Head SHA: 6125fda109df1d055f5e2412d840e0d58df704f2

Overall Assessment

⚠️ Needs changes

Static review only; I did not run the test suite because the sandbox Python environment is missing numpy.

Executive Summary

The previous review’s methodology blockers appear addressed: the survey IF now targets the bias-corrected scale (V_Y_bc), survey d.f. is threaded into safe_inference, and non-pweight survey designs are rejected fast. See diff_diff/_nprobust_port.py:L1359-L1393, diff_diff/had.py:L2390-L2408, diff_diff/had.py:L2710-L2755, tests/test_had.py:L3589-L3743.
P1 The new HAD survey path returns survey_metadata as a plain dict instead of the repo-standard SurveyMetadata object. Shared report/diagnostic consumers read that field via attribute access, so HAD survey results will silently lose survey-specific metadata outside had.py. See diff_diff/had.py:L280-L288, diff_diff/had.py:L2745-L2755, diff_diff/business_report.py:L606-L612, diff_diff/business_report.py:L815-L837, diff_diff/diagnostic_report.py:L1803-L1810, diff_diff/results.py:L14-L45, tests/test_survey.py:L610-L615.
P2 Weighted continuous fits still do not expose a clear result-level denominator contract: the estimator uses weighted population moments, but the public result still stores/displays only raw dose_mean / D_bar, and there is no weighted regression coverage for that metadata. See diff_diff/had.py:L249-L250, diff_diff/had.py:L2606, diff_diff/had.py:L2767, diff_diff/had.py:L2837-L2850, diff_diff/had.py:L348-L348, tests/test_had.py:L346-L350.
The documented scope deferrals for weighted mass_point, weighted event_study, replicate weights, and weight-aware DPI bandwidth are properly recorded in REGISTRY.md/TODO.md and are not blockers. See docs/methodology/REGISTRY.md:L2255-L2265, TODO.md:L95-L99.

Methodology

P3 No unmitigated methodology defects found in the changed estimator path. The earlier P0/P1 issues are fixed by the bias-corrected IF construction, survey-d.f. inference routing, and pweight-only guard. Impact: none. Concrete fix: none. References: diff_diff/_nprobust_port.py:L1359-L1393, diff_diff/had.py:L2390-L2408, diff_diff/had.py:L2710-L2755, tests/test_had.py:L3589-L3743.

Code Quality

No findings.

Performance

No findings.

Maintainability

P1 survey_metadata contract drift on HAD survey fits.
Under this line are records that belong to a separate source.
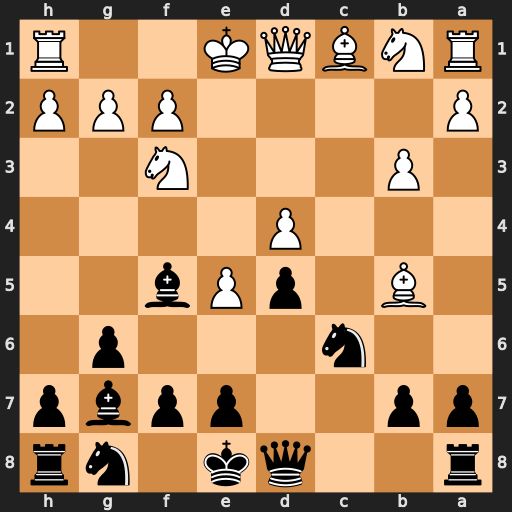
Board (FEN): r2qk1nr/pp2ppbp/2n3p1/1B1pPb2/3P4/1P3N2/P4PPP/RNBQK2R
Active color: b
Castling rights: KQkq
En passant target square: -
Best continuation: Qa5+ Nc3 Qxc3+ Bd2 Qb2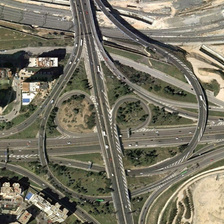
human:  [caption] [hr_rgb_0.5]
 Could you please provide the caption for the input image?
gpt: many green trees and some buildings are near a viaduct .

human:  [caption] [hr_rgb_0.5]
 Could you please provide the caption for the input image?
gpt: many green trees and some buildings are near a viaduct .

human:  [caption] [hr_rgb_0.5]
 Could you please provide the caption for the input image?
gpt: many green trees and some buildings are near a viaduct .

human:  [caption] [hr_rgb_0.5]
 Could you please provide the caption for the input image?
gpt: many green trees and some buildings are near a viaduct .

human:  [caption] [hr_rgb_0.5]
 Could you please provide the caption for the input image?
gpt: many green trees and some buildings are near a viaduct .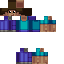
A male human skin with medium skin, wearing brown long hair dressed in a blue tshirt and blue pants, featuring a closed mouth.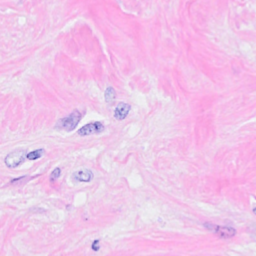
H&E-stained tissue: Breast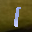
Label: 1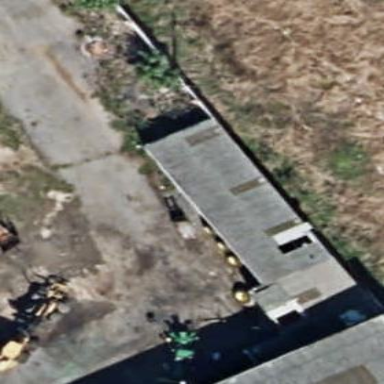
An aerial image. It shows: Warehouse building.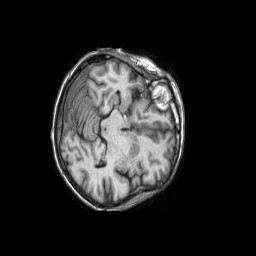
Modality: T1w
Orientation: axial
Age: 68
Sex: female
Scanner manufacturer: philips
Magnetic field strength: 1.5 T
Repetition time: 0.007268 s
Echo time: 0.00332 s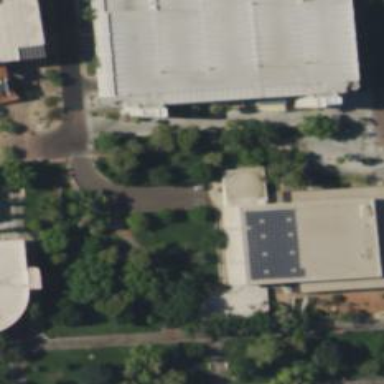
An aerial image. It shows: Theater building.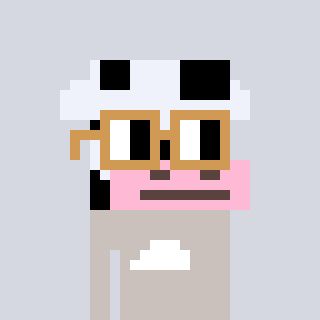
a pixel art character with square brown glasses, a cow-shaped head and a foggrey-colored body on a cool background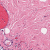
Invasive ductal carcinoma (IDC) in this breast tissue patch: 0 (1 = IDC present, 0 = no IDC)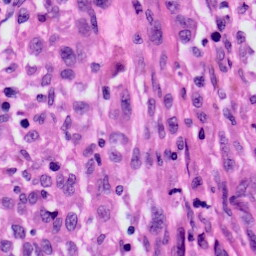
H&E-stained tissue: Skin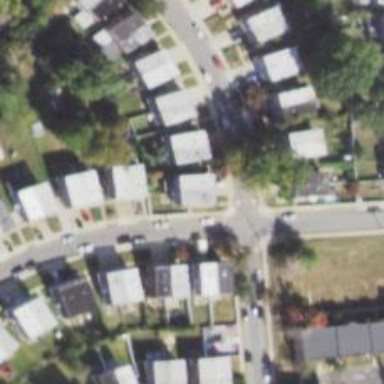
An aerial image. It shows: Residential road.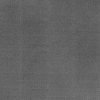
Atmospheric dust classification: dusty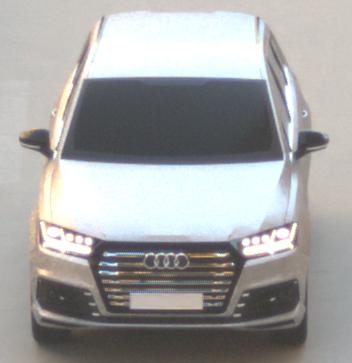
Make: Audi
Model: SQ7
Detailed model: -
Model produced from: 2016
Model produced until: 2018
Doors: 5
Color: white
Road condition: dry road
Daytime: morning or afternoon
Contrast: low contrast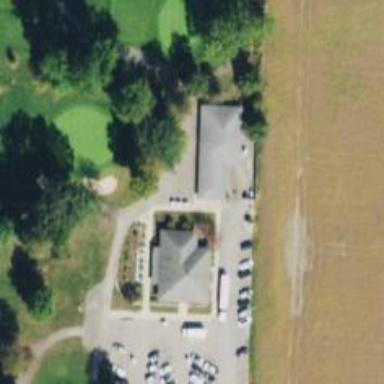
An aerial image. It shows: Path designated for golf carts.

The PR changes HeterogeneousAdoptionDiDResults.survey_metadata to a dict (diff_diff/had.py:L280-L288, diff_diff/had.py:L2745-L2755), but shared consumers expect the repo-standard SurveyMetadata object and use attribute access (diff_diff/business_report.py:L606-L612, diff_diff/business_report.py:L815-L837, diff_diff/diagnostic_report.py:L1803-L1810, diff_diff/results.py:L14-L45). Existing survey tests elsewhere in the repo also assert SurveyMetadata instances (tests/test_survey.py:L610-L615). Impact: if a HAD survey result is passed into shared reporting/diagnostic tooling, fields like df_survey, weight_type, effective_n, design_effect, n_strata, and n_psu will be silently dropped or mislabelled. Concrete fix: return the shared SurveyMetadata dataclass for HAD too (ideally via compute_survey_metadata(...)), and move HAD-specific extras such as method, source, and variance_formula to a separate field or an extended metadata object; add a regression test that a HAD survey fit preserves survey inference/report metadata through the generic report helpers.

Tech Debt

P3 Informational: the main deferred items introduced by this PR are properly tracked and documented, so they are not blockers here. Impact: none. Concrete fix: none required in this PR. References: docs/methodology/REGISTRY.md:L2255-L2265, TODO.md:L95-L99.

Security

No findings.

Documentation/Tests

P2 Weighted-fit result metadata and docs are still inconsistent with the shipped surface. The continuous weighted estimator now uses weighted population moments (diff_diff/had.py:L2837-L2850), but the public result still documents/stores only raw dose_mean / D_bar (diff_diff/had.py:L249-L250, diff_diff/had.py:L2606, diff_diff/had.py:L2767, diff_diff/had.py:L348-L348), and the new tests do not pin any weighted metadata contract (tests/test_had.py:L346-L350, tests/test_had.py:L3421-L3430). There are also stale in-code docs that still describe the pre-Phase-4.5 surface or wrong IF semantics (diff_diff/_nprobust_port.py:L34-L39, diff_diff/local_linear.py:L936-L941, diff_diff/had.py:L227-L233). Impact: users and future maintainers cannot reliably tell from the result object/docstrings which denominator and IF scale a weighted HAD fit actually used. Concrete fix: expose the effective weighted denominator explicitly (or rename/clarify dose_mean so it is obviously descriptive rather than estimator-defining), add weighted-fit assertions for it, and update the stale docstrings to match the shipped behavior.

Path to Approval

Restore the repo-wide survey_metadata contract for HAD survey fits by returning a SurveyMetadata-compatible object, or update all shared consumers that read survey_metadata to accept the new mapping shape; add a regression test through the generic report/diagnostic path.
Clarify the weighted denominator metadata on HAD results: either store the actual weighted denominator used by the estimator, or add a separate explicitly named field for it and document that dose_mean is raw-sample-only; add weighted tests for both continuous_at_zero and continuous_near_d_lower.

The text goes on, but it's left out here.